Change-Id: I74ddf87d493c6cf512dcee72618ec428b029637e
Reviewed-on: https://chromium-review.googlesource.com/336530
Commit-Ready: Dennis Kempin <denniskempin@chromium.org>
Tested-by: Dennis Kempin <denniskempin@chromium.org>
Reviewed-by: Dennis Kempin <denniskempin@chromium.org>
diff --git a/optofidelity/optofidelity/benchmark/_keyboard_delegate.py b/optofidelity/optofidelity/benchmark/_keyboard_delegate.py
index 83a8b31..e58b24c 100644
--- a/optofidelity/optofidelity/benchmark/_keyboard_delegate.py
+++ b/optofidelity/optofidelity/benchmark/_keyboard_delegate.py
@@ -60,7 +60,9 @@
     trace.RequireEventTypes(LEDEvent, StateChangeEvent)
 
     for segmented_trace in trace.SegmentedByLED():
-      segmented_trace.RequireEventTypes(LEDEvent, StateChangeEvent)

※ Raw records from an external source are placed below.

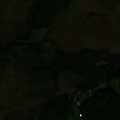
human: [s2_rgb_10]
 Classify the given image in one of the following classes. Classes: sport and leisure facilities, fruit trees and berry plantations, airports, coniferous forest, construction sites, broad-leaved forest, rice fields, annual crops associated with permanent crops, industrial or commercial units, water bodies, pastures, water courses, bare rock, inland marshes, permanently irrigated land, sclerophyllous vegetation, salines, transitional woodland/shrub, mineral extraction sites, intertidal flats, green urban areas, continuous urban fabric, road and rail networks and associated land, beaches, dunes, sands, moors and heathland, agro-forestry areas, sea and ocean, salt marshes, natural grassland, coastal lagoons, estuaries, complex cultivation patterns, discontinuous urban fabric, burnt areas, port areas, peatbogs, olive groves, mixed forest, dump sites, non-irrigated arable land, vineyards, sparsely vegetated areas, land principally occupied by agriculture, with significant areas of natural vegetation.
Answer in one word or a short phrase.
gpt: coniferous forest, mixed forest, transitional woodland/shrub, peatbogs
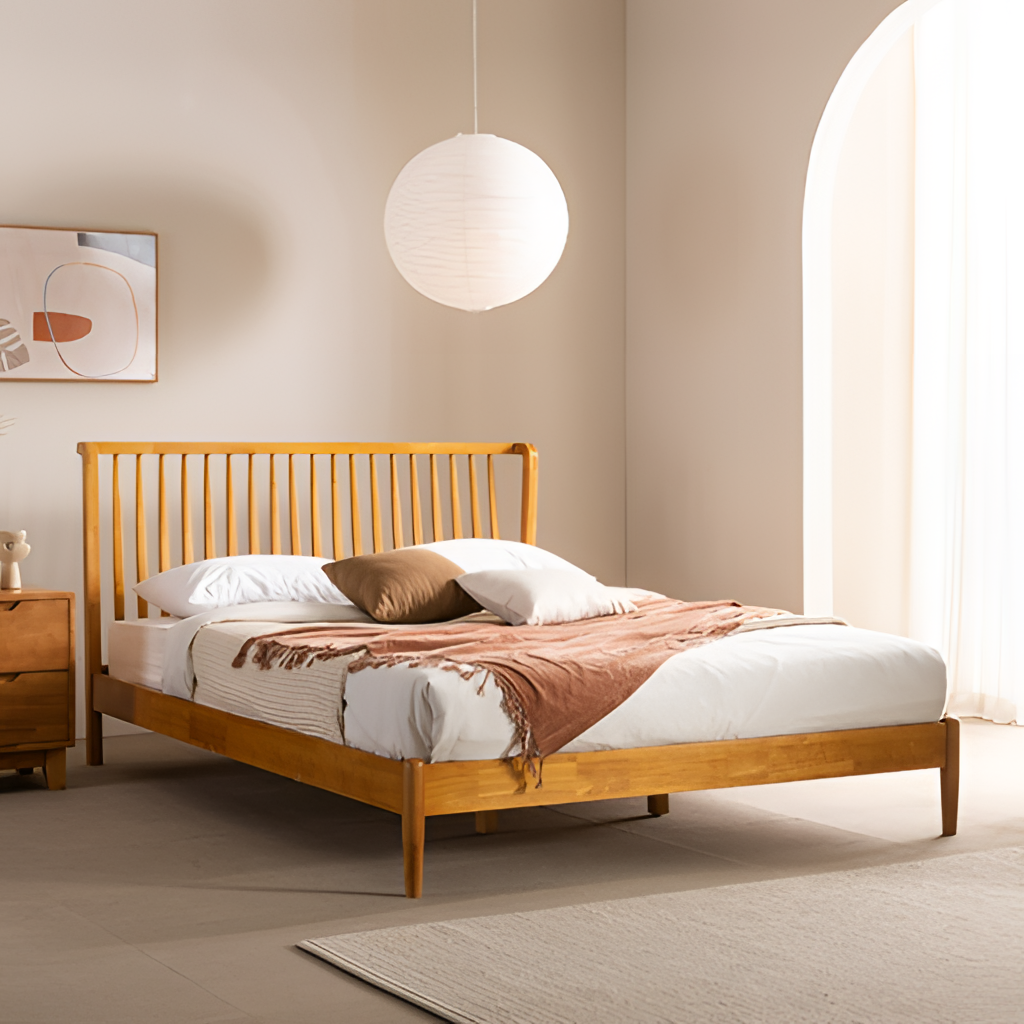
wood bed, bedroom, beige tile flooring, with large square pattern, beige paint wallpaper, with solid pattern, minimalist
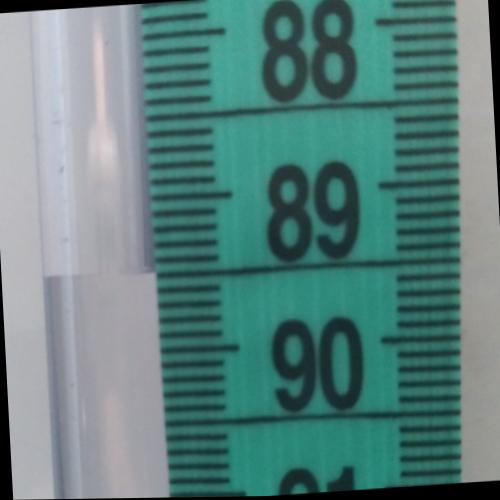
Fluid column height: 89.5 cm
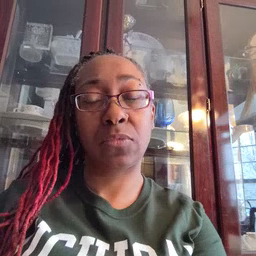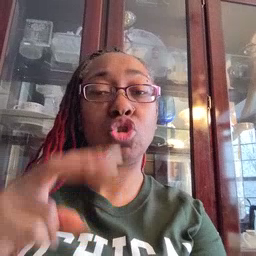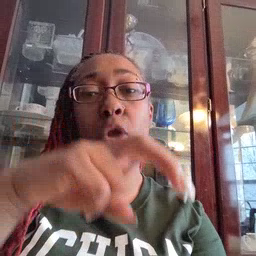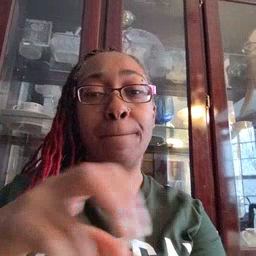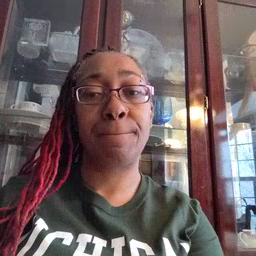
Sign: jump
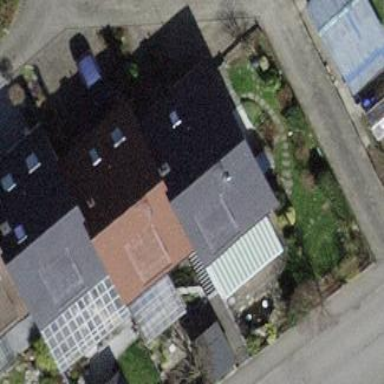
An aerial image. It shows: Gabled roof house.

+      segmented_trace.RequireEventTypes(LEDEvent)
+      if not segmented_trace.HasEventTypes(StateChangeEvent):
+        continue
 
       finger_down = segmented_trace.FindStateSwitch(LEDEvent, LEDEvent.STATE_ON)
       finger_up = segmented_trace.FindStateSwitch(LEDEvent, LEDEvent.STATE_OFF)
diff --git a/optofidelity/optofidelity/detection/_state_change_detector.py b/optofidelity/optofidelity/detection/_state_change_detector.py
index 310bbc7..87c85a7 100644
--- a/optofidelity/optofidelity/detection/_state_change_detector.py
+++ b/optofidelity/optofidelity/detection/_state_change_detector.py
@@ -3,12 +3,14 @@
 # found in the LICENSE file.
 import logging
 
+from matplotlib import pyplot
 from safetynet import Optional
+import cv2
 import numpy as np
 import skimage.filters
 
 from optofidelity.util import nputil
-from optofidelity.videoproc import Canvas, Filter, Image, Shape
+from optofidelity.videoproc import Canvas, DebugView, Filter, Image, Shape
 
 from ._calibrated_frame import CalibratedFrame
 from ._detector import Detector
@@ -16,12 +18,18 @@
 
 _log = logging.getLogger(__name__)
 
-
 class StateChangeDetector(Detector):
   """Detects screen switches between two different states."""
 
   NAME = "state_change"
 
+  SETTLED_THRESHOLDS = dict(max_mean_distance=2.0, window_size=20)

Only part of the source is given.